6. Recommendations (prioritized)

  1. Wire heterogeneous model-route-per-role at agent_open (Train 3 / #3217 + #3205). The #1 differentiator; turn worker_profile.rs on. Keep DeepSeek as default inherit.
  2. Gate /swarm behind a readiness check NOW (Train 4 / #3218 — split a quick-fix slice). Don't ship an ungated prompt-only swarm.
  3. Define the structured worker-return envelope (NeedsInput/result) (Train 3 / #3226 + #3216 Bug 3). Structured handoffs, not chat.
  4. Make goal_loop drive the engine cross-turn + durable (Train 4 / #3215). Turn the orchestrator on; call record_thread_goal_usage; bridge the three goal models.
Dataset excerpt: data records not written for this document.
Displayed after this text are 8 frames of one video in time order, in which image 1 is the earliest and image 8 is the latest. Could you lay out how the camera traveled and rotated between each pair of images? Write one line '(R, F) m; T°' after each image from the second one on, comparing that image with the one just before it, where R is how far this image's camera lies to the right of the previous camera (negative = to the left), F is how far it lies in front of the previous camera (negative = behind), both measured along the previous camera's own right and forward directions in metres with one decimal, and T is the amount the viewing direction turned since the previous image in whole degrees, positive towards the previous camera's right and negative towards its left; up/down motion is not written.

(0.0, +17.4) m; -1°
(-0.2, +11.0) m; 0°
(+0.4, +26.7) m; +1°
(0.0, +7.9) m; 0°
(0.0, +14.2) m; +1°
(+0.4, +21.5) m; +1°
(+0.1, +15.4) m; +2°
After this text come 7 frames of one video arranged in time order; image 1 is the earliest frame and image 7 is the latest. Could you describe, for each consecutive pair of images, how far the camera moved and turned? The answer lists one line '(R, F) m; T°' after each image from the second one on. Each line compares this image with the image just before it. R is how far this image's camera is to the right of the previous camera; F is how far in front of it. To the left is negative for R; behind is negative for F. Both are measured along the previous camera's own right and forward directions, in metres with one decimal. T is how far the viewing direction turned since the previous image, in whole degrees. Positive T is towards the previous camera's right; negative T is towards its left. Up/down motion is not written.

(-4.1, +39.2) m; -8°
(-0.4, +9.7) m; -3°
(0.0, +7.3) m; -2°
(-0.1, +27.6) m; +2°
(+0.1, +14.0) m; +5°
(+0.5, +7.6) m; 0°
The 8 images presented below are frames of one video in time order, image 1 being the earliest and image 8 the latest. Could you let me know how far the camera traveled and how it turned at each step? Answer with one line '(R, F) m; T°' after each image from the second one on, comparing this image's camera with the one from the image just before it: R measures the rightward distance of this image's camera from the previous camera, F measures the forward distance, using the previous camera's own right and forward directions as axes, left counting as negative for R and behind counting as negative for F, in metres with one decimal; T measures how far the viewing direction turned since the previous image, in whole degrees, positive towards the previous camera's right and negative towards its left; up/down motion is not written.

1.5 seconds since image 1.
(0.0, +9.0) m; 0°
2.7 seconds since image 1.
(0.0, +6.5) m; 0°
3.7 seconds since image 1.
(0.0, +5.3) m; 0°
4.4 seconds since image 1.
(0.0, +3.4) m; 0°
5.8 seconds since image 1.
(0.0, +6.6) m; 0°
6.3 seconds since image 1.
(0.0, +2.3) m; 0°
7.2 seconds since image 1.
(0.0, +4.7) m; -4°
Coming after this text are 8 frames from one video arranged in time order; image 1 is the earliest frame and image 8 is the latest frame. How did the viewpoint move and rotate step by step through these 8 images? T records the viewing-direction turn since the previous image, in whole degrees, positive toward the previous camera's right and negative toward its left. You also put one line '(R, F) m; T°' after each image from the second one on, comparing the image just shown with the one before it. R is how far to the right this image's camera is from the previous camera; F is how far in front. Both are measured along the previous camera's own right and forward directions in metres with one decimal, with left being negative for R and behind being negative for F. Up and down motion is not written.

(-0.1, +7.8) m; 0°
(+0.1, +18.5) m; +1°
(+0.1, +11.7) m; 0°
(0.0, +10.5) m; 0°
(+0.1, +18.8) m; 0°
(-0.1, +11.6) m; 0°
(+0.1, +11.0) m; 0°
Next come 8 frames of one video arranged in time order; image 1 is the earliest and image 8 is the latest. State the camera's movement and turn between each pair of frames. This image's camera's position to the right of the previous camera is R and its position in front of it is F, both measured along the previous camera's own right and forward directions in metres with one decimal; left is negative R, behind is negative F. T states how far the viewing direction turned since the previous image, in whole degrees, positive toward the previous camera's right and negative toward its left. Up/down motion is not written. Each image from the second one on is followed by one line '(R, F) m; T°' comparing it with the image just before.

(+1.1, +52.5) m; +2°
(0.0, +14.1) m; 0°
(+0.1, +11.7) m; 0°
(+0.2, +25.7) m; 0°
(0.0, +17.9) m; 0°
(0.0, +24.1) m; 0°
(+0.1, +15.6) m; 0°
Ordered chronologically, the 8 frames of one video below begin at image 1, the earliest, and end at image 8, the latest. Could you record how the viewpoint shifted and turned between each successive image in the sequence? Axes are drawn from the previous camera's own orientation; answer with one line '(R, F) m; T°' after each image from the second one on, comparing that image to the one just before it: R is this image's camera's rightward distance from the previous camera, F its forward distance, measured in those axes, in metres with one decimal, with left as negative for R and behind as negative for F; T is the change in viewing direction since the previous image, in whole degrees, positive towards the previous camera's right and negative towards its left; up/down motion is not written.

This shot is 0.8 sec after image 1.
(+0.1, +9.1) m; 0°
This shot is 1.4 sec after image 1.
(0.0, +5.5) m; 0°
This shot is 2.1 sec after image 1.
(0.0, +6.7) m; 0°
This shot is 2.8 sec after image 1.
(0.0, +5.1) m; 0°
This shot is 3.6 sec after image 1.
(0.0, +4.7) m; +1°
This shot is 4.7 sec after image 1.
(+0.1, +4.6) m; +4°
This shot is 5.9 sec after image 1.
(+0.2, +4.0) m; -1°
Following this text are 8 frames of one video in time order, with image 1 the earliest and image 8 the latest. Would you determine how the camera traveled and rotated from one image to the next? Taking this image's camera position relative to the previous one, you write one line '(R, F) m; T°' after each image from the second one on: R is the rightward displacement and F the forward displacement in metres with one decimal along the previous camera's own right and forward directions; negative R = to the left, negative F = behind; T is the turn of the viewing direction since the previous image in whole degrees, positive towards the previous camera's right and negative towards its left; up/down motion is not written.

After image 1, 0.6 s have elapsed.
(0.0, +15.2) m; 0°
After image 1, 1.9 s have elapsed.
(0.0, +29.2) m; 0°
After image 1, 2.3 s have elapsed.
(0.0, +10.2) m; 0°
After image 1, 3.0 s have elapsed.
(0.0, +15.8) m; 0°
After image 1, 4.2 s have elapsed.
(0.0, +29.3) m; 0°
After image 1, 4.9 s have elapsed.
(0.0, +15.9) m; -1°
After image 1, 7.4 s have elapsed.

  5. Add a swarm coordination substrate (shared task list + claim/lock + consume the whaleflow IR)NEW issue. The largest single gap vs. both targets.
  6. Add the swarm UX: per-agent roster with model/provider/cost/state + one synthesized output (Train 3 Bug 2 + Train 5 #3028/#3078/#2666). Show the model heterogeneity.
  7. Add an adversarial-verify/judge gate before completion (Train 4 / #2058 slice in #3215).
  8. Converge the two worker execution models behind the one-runtime contract (Train 3 / #3096, per docs/AGENT_RUNTIME.md).
  9. Be honest about cost + the coding-specific caveat (Train 4 #3218 + Train 5 telemetry). Refuse trivially-serial tasks; show a token meter; lean on the DeepSeek-flash scout lane as the honest cheap-parallelism story.

Branding/stewardship note: all of the above preserves CodeWhale branding and first-class DeepSeek support — indeed the flash-scout/pro-synthesizer split depends on the DeepSeek Fin lane, and the swarm UX should surface DeepSeek-on-a-worker as a visible feature.